» YOUR OBJECTIVE
Give the whole listing again, exactly as written.

» AVAILABLE DATA

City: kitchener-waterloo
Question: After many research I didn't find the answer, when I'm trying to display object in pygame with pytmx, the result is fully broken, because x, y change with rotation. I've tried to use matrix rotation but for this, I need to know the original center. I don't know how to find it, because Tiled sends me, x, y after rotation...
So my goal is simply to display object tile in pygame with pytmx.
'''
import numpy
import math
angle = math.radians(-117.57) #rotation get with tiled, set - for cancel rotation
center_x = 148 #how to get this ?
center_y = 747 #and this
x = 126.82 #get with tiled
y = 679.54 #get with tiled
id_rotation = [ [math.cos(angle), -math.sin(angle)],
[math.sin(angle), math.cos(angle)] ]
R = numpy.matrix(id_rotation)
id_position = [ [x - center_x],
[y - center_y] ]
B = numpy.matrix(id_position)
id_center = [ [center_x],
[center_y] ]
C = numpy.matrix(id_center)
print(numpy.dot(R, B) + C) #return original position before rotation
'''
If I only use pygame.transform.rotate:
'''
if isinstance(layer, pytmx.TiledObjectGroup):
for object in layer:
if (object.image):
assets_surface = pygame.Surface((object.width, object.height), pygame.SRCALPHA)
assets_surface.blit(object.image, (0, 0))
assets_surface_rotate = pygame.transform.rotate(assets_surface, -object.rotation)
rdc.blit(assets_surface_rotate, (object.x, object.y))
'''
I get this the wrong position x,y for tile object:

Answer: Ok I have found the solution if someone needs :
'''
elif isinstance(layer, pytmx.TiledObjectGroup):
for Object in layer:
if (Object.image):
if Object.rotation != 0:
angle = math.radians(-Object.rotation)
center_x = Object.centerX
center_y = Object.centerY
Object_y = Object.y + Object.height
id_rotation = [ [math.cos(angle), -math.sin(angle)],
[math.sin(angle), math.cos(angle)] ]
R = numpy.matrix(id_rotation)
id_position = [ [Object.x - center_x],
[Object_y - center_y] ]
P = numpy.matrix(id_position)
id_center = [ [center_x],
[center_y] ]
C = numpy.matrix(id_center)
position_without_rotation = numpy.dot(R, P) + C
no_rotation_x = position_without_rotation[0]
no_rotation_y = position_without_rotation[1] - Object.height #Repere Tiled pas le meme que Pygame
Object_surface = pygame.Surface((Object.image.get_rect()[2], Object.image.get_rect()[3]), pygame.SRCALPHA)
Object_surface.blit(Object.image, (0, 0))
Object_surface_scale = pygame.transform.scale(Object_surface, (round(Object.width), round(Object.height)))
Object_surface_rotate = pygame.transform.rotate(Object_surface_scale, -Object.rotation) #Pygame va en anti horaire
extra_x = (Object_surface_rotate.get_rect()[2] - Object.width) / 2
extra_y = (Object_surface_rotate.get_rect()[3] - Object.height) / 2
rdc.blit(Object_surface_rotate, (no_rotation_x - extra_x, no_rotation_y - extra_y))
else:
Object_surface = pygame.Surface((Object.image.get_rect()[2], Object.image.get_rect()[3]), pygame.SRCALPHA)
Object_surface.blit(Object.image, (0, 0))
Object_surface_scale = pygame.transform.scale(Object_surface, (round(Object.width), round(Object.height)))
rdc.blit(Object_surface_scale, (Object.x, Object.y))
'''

» REPLY TO THE TASK
City: kitchener-waterloo
Question: After many research I didn't find the answer, when I'm trying to display object in pygame with pytmx, the result is fully broken, because x, y change with rotation. I've tried to use matrix rotation but for this, I need to know the original center. I don't know how to find it, because Tiled sends me, x, y after rotation...
So my goal is simply to display object tile in pygame with pytmx.
'''
import numpy
import math
angle = math.radians(-117.57) #rotation get with tiled, set - for cancel rotation
center_x = 148 #how to get this ?
center_y = 747 #and this
x = 126.82 #get with tiled
y = 679.54 #get with tiled
id_rotation = [ [math.cos(angle), -math.sin(angle)],
[math.sin(angle), math.cos(angle)] ]
R = numpy.matrix(id_rotation)
id_position = [ [x - center_x],
[y - center_y] ]
B = numpy.matrix(id_position)
id_center = [ [center_x],
[center_y] ]
C = numpy.matrix(id_center)
print(numpy.dot(R, B) + C) #return original position before rotation
'''
If I only use pygame.transform.rotate:
'''
if isinstance(layer, pytmx.TiledObjectGroup):
for object in layer:
if (object.image):
assets_surface = pygame.Surface((object.width, object.height), pygame.SRCALPHA)
assets_surface.blit(object.image, (0, 0))
assets_surface_rotate = pygame.transform.rotate(assets_surface, -object.rotation)
rdc.blit(assets_surface_rotate, (object.x, object.y))
'''
I get this the wrong position x,y for tile object:

Answer: Ok I have found the solution if someone needs :
'''
elif isinstance(layer, pytmx.TiledObjectGroup):
for Object in layer:
if (Object.image):
if Object.rotation != 0:
angle = math.radians(-Object.rotation)
center_x = Object.centerX
center_y = Object.centerY
Object_y = Object.y + Object.height
id_rotation = [ [math.cos(angle), -math.sin(angle)],
[math.sin(angle), math.cos(angle)] ]
R = numpy.matrix(id_rotation)
id_position = [ [Object.x - center_x],
[Object_y - center_y] ]
P = numpy.matrix(id_position)
id_center = [ [center_x],
[center_y] ]
C = numpy.matrix(id_center)
position_without_rotation = numpy.dot(R, P) + C
no_rotation_x = position_without_rotation[0]
no_rotation_y = position_without_rotation[1] - Object.height #Repere Tiled pas le meme que Pygame
Object_surface = pygame.Surface((Object.image.get_rect()[2], Object.image.get_rect()[3]), pygame.SRCALPHA)
Object_surface.blit(Object.image, (0, 0))
Object_surface_scale = pygame.transform.scale(Object_surface, (round(Object.width), round(Object.height)))
Object_surface_rotate = pygame.transform.rotate(Object_surface_scale, -Object.rotation) #Pygame va en anti horaire
extra_x = (Object_surface_rotate.get_rect()[2] - Object.width) / 2
extra_y = (Object_surface_rotate.get_rect()[3] - Object.height) / 2
rdc.blit(Object_surface_rotate, (no_rotation_x - extra_x, no_rotation_y - extra_y))
else:
Object_surface = pygame.Surface((Object.image.get_rect()[2], Object.image.get_rect()[3]), pygame.SRCALPHA)
Object_surface.blit(Object.image, (0, 0))
Object_surface_scale = pygame.transform.scale(Object_surface, (round(Object.width), round(Object.height)))
rdc.blit(Object_surface_scale, (Object.x, Object.y))
'''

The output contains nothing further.